Orthogroup | NR tophit name | NR tophit description | NR top Similarity |
OG0003655 | EPB92269.1 | STE/STE20 protein kinase [Mucor circinelloides f. circinelloides 1006PhL] | 96.9% |
OG0002531 | GAN03371.1 | TRM2 tRNA methyltransferase 2 homolog A [Mucor ambiguus] | 83% |
OG0000774 | GAN00621.1 | pkinase-domain-containing protein [Mucor ambiguus] | 81.2% |
OG0004491 | GAN01313.1 | transmembrane and coiled-coil domain-containing protein 3 [Mucor ambiguus] | 78.3% |
OG0002100 | OAD09236.1 | glycoside hydrolase family 36 protein [Mucor circinelloides f. lusitanicus CBS 277.49] | 76.7% |
OG0001006 | GAN03654.1 | sel1 repeat protein [Mucor ambiguus] | 69.1% |
OG0003562 | PHZ17618.1 | Quino protein alcohol dehydrogenase-like protein [Rhizopus microsporus ATCC 52813] | 67.5% |
OG0002562 | GAN07947.1 | small GTPase rabE [Mucor ambiguus] | 58.6% |
OG0002218 | OBZ90755.1 | Centrosomal protein [Choanephora cucurbitarum] | 51.1% |
OG0002849 | OBZ88254.1 | DNA-dependent protein kinase catalytic subunit [Choanephora cucurbitarum] | 51% |
Based on the pan-genome analysis data, a maximum likelihood-based phylogenetic tree was constructed in 25 Mucorales fungi and 18 non-Mucorales fungi, with 4 Entomopthorales fungi as outgroups (Figure 6). We confirmed that Mucorales species were far away from non-Mucorales species. In addition, we noticed that the M. irregularis (B50a) and M. hiemalis (B66h) were clustered in one clade, sharing a very close relationship. Cokeromyces recurvatus and Actinomucor elegans were phylogenetically related to Mucor spp. within one phylogenetic cluster.
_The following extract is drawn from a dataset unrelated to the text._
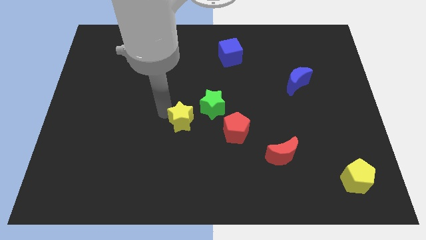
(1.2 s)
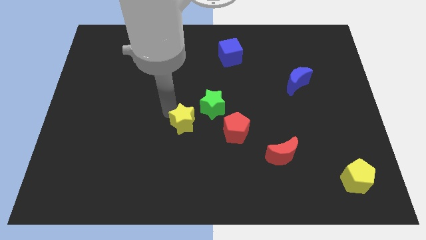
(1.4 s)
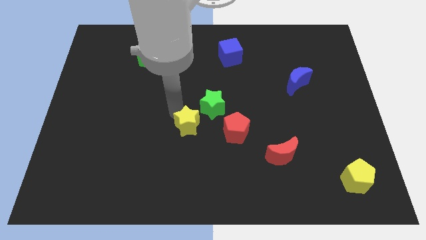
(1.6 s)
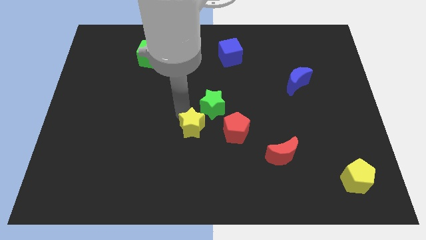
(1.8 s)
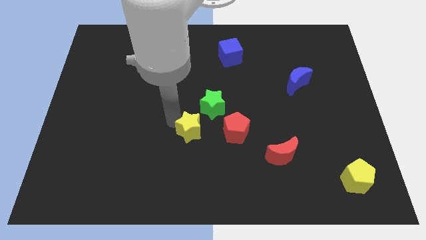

3.5. Expressions of proteins related to the virulence
To verify the reported proteins related to the virulence of Mucorales species, the copies of these proteins were compared in Mucorales species and other pathogenic fungi. Despite that arf and aqp1 showed no difference, atf, gcn4, igp1, pps1, mcmyo5, mcplD, 112092, hmgR, cotH3 and fob had significant difference while ico1 varied slightly between the two groups (Figure 7). For further knowledge of the unequal pathogenicity of the Mucorales species, we listed the expression of proteins related to the virulence in all the fungi we have referred above (Figure 8). Few expressions of 112092, cotH3, gcn4 and igp1 was detected in non-Mucorales species, while almost all the Mucorales species expressed in different levels. Although the protein expression of fob and hmgR exhibited significant difference between Mucorales species and other pathogenic fungi, both were not as high as other proteins. Compared to the non-Mucorales species, Mucorales species displayed abundant but uneven expression levels of pps1, atf, mcplD and mcmyo5. Gene pps1 expressed mainly in Rhizopus stolonifer, Rhizopus delemar and Mucor irregularis; atf had high expression in Mucor racemosus, Rhizopus delemar, Mucor lusitanicus, Mucor circinelloides and Rhizopus arrhizus; mcplD expressed more in Rhizopus stolonifer, Apophysomyces elegans and Mucor racemosus; mcmyo5 had multiple expressions in Rhizopus stolonifer, Mucor racemosus and Rhizopus delemar.